Second, when I used to student host, I went
far out of my way for the people I'd host. I almost always altered my own plans, took the hostee out for drinks and/or dinner, I sometimes cooked for the people I hosted, I always had to make them a bed, wash their sheets/towel, etc... I have done student interviews, and the time and effort invested in those per student really pales compared to the time I spend on hosting.
I almost always received thank you notes for interviewing. I almost never received a thank you note for hosting. I never once received a gift. Once someone bought me a drink at the bar after I complained about this phenomenon to him. But, the people I'd host never usually even offered to help me at all. The people I'd cook for didn't do dishes. They never even took down their sheets on the bed I provded for them. One guy puked in my trash can and didn't even take that out the next day when he felt better.

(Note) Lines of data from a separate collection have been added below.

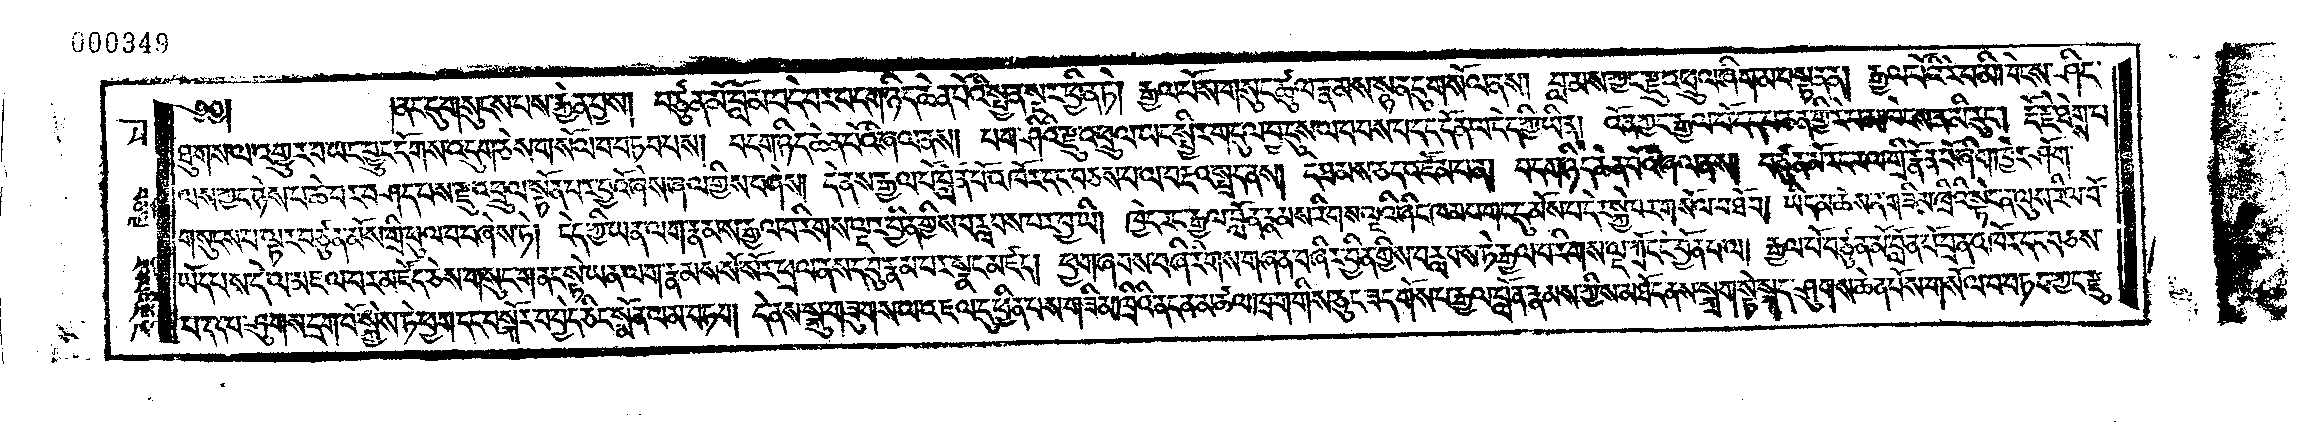༄༅། །ནང་དུ་གསུངས་པས་རྐྱེན་བྱས། བཙུན་མོ་བློ་མ་བདེ་བར་བདག་ཉིད་ཆེན་པོའི་སྤྱན་སྔར་ཕྱིན་ཏེ། རྒྱལ་པོས་གསུང་ཚུལ་རྣམས་སྙན་དུ་གསོལ་ནས། བླ་མས་ཀྱང་རྫུ་འཕྲུལ་ཞིག་མ་བསྟན་ན། རྒྱལ་པོའི་རེ་བ་མི་ཁེངས་ཤིང་
ཐུགས་ལ་འགྱུར་བ་ཡང་བྱུང་དགོས་འདུག་ཅེས་གསོལ་བ་བཏབ་པས། བདག་ཉིད་ཆེན་པོའི་ཞལ་ནས། པག་ཤིའི་རྫུ་འཕྲུལ་ཡང་སྤྱིར་གདུལ་བྱ་དུས་ལ་བབས་པ་དང་དོན་ལ་ངེད་ཀྱི་ཡིན། འོན་ཀྱང་རྒྱལ་པོ་དད་པ་ཅན་གྱི་རེ་བ་མ་ཁེངས་ན་མི་རུང་། རྡོ་རྗེ་ཐེགས་པ་
ལས་ཀྱང་ཉེས་པ་ཆེ་བར་བཤད་པས་རྫུ་འཕྲུལ་སྟོན་པར་བྱའོ་ཞེས་ཞལ་གྱིས་བཞེས། དེ་ནས་རྒྱལ་པོ་བློན་པོ་འཁོར་དང་བཅས་པ་ལ་བརྡའ་སྤྲད་ནས། དེ་ཐམས་ཅད་འཛོམ་པ་ནི། བདག་ཉིད་ཆེན་པོའི་ཞལ་ནས། བཙུན་མོ་རང་རལ་གྲི་རྣོན་པོ་ཞིག་ཁྱེར་ཤོག་
གསུངས་པ་ལྟར་བཙུན་མོས་གྲི་ཕུལ་བ་བཞེས་ཏེ། ངེད་ཀྱི་ཡན་ལག་རྣམས་རྒྱལ་བ་རིགས་ལྔར་བྱིན་གྱིས་བརླབས་པར་བྱ་ཡི། ཁྱེད་རང་རྒྱལ་བློན་རྣམས་རིགས་ལྔའི་ཞིང་ཁམས་གང་དུ་མོས་པ་དེར་སྐྱེ་པར་གསོལ་བ་ཐོབ། ཡིད་མ་ཆེས་ན་གཟིམ་ཁྲིའི་སྟེང་ན་ལུས་རིལ་བོ་
ཡོད་པས་དེ་ལ་མཇལ་བར་མཛོད་ཅེས་གསུང་གནང་སྟེ་ཡན་ལག་རྣམས་སོ་སོར་ཕྲལ་ནས་དབུ་རྣམ་པར་སྣང་མཛད། ཕྱག་ཞབས་བཞི་རིགས་གཞན་བཞིར་བྱིན་གྱིས་བརླབས་ཏེ་རྒྱལ་བ་རིགས་ལྔ་ཀྲོང་དེ་བྱོན་པ་ལ། རྒྱལ་པོ་བཙུན་མོ་བློན་པོ་བྲན་འཁོར་དང་བཅས་
པ་དང་པ་ཤུགས་དྲག་པོ་སྐྱེས་ཏེ་ཕྱག་དང་བསྐོར་བ་བྱེད་ཅིང་སྨོན་ལམ་བཏབ། དེ་ནས་སྐུ་གཟུགས་ལ་འཇལ་དུ་ཕྱིན་པས་གཟིམ་ཁྲིའི་ནང་ན་མ་ཚལ་ཁྲག་གིས་ཅུང་ཟད་གོས་པ་རྒྱལ་བློན་རྣམས་ཀྱིས་མཐོང་ནས་སྐྲག་སྟེ་སྐད་ཤུགས་ཆེན་པོས་གསོལ་བ་བཏབ་ཀྱང་རྫུ་

So I'm a bit jaded on the whole thank you note thing. A real heartfelt handwritten thank you is one thing. I've received that exactly twice in dozens of interviews. What I usually get resembles a form letter. It looks like it could have been written to any interviewer and they just changed name of school X to my school. Once my interviewing is done I have no further feedback on the applicant, so it really doesn't matter if you write me a thank you note or not. But this formality of sending letters just irks me. If I could I would deduct points for the form letter people. Especially since they tend to be "thank you for interview me, now let me spend the rest of a full page telling you why I'm great."
Once I started giving my e-mail address out, I started getting one or two line thank you e-mails instead of form letters. I feel rather the same way about that.
So my opinion is handwrite a real, thoughtful thank you note. Or don't bother. But that's just my own emotional opinion that has no basis in reality.